- Born: 26 December 1947 Zwickau, Saxony, Allied-occupied Germany
- Died: 25 December 2025 (aged 77) Brandenburg, Germany
- Occupations: Film and stage actor, musician
- Children: Paula Riemann

= Peter Sattmann =

German actor and musician (1947–2025)

Peter Sattmann (26 December 1947 – 25 December 2025) was a German actor and musician.

== Life and career ==
In 1957, Sattmann moved with his parents, Gerda and Ferdinand Sattmann, from Zwickau to Friedrichshafen, where he played in a band when he was twelve years old. He attended the Graf-Zeppelin-Gymnasium up to the eleventh class, when he left to concentrate on acting, moving to Munich and performing as a street musician.

Sattmann married when he was 21 years old, and in 1970 his youngest daughter, Katrin Sattmann, was born. He attended the Neue Münchner Schauspielschule, and in 1969 went to the Deutsches Theater in Göttingen. He was voted Schauspieler des Jahres in 1975 and in 1977 at the Württembergisches Staatstheater in Stuttgart.

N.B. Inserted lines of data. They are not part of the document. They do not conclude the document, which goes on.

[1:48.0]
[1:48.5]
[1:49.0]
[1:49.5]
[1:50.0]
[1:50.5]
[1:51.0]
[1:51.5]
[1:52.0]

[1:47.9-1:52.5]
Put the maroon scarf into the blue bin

He wrote a number of plays for which he directed the first performances, including "Open End", "Der Erzbischof ist da", "Brave New Man" and "Der Fallschirmspringer", and continued until 1990 at the Schiller Theater.

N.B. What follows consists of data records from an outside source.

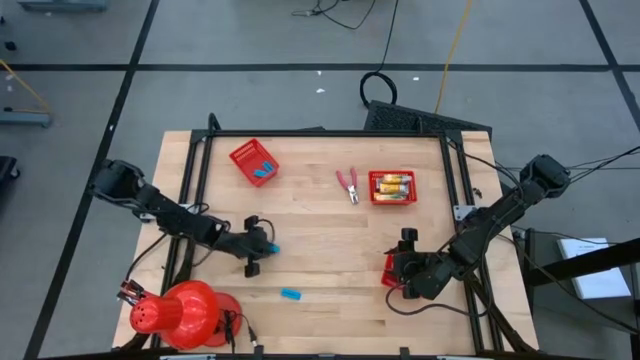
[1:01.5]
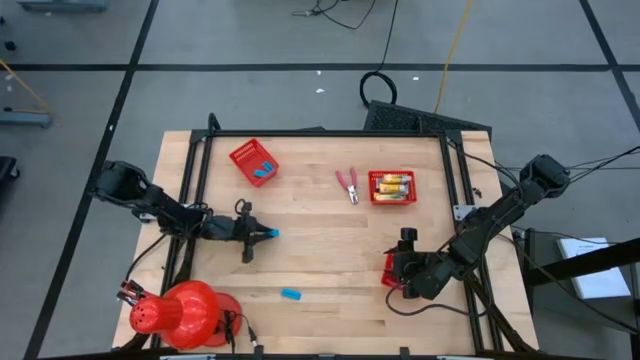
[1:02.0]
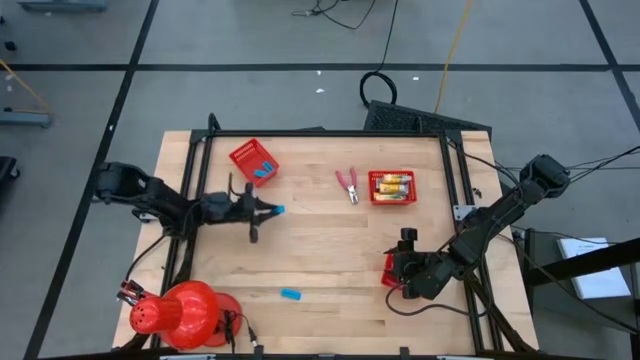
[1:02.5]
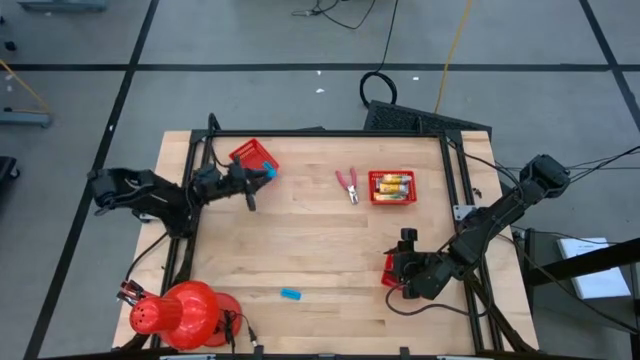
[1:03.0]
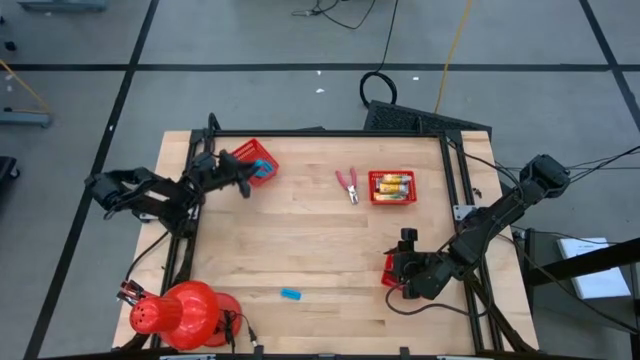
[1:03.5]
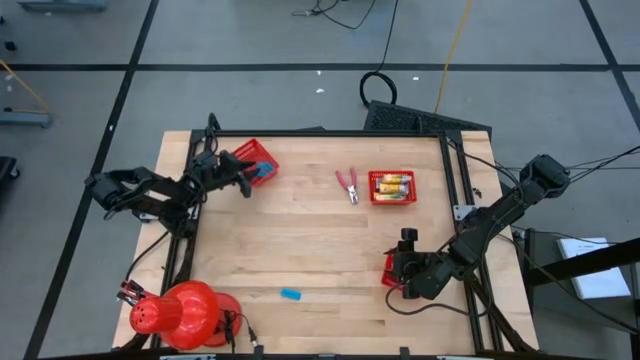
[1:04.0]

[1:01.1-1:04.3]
Task: Pick & Place School Supplies
Put the blue eraser into the top left red bin

In addition to appearing in films, Sattmann also composed the music for the film "Willkommen im Paradies". He also composed music for “Kerbel's Escape”, “Der Prins muß her” and “Das Familienfest”.

From 1990 to 1998, he lived with Katja Riemann, and their daughter, Paula Riemann was born in 1993.

Sattmann died after a long illness in his place of residence in Brandenburg on 25 December 2025, one day before his 78th birthday.

==Filmography==
- The Brothers (1977)
- Death or Freedom (1977)
- Das Ziel (1980, TV film)
- Der Fall Maurizius (1981, TV miniseries)
- Fire for the Big Dragon (1984, TV film)
- Kerbel's Escape (1984, TV film)
- Silent Poison (1984, TV film)
- Das Rätsel der Sandbank (1984, TV miniseries)
- In the Belly of the Whale (1985)
- Der Prins muß her (1987, TV series)
- Karambolage (1989, TV film)
- Fool's Mate (1989)
- Le grand secret (1989, TV miniseries)
- Dick Francis Mysteries: In The Frame (1989, TV)
- Tote leben nicht allein (1990, TV film)
- No Mention of Violence (1991, TV film)
- Making Up! (1993)
- Gefährliche Verbindung (1993, TV film)
- Nur eine kleine Affäre (1994, TV miniseries)
- Lauras Entscheidung (1994, TV film)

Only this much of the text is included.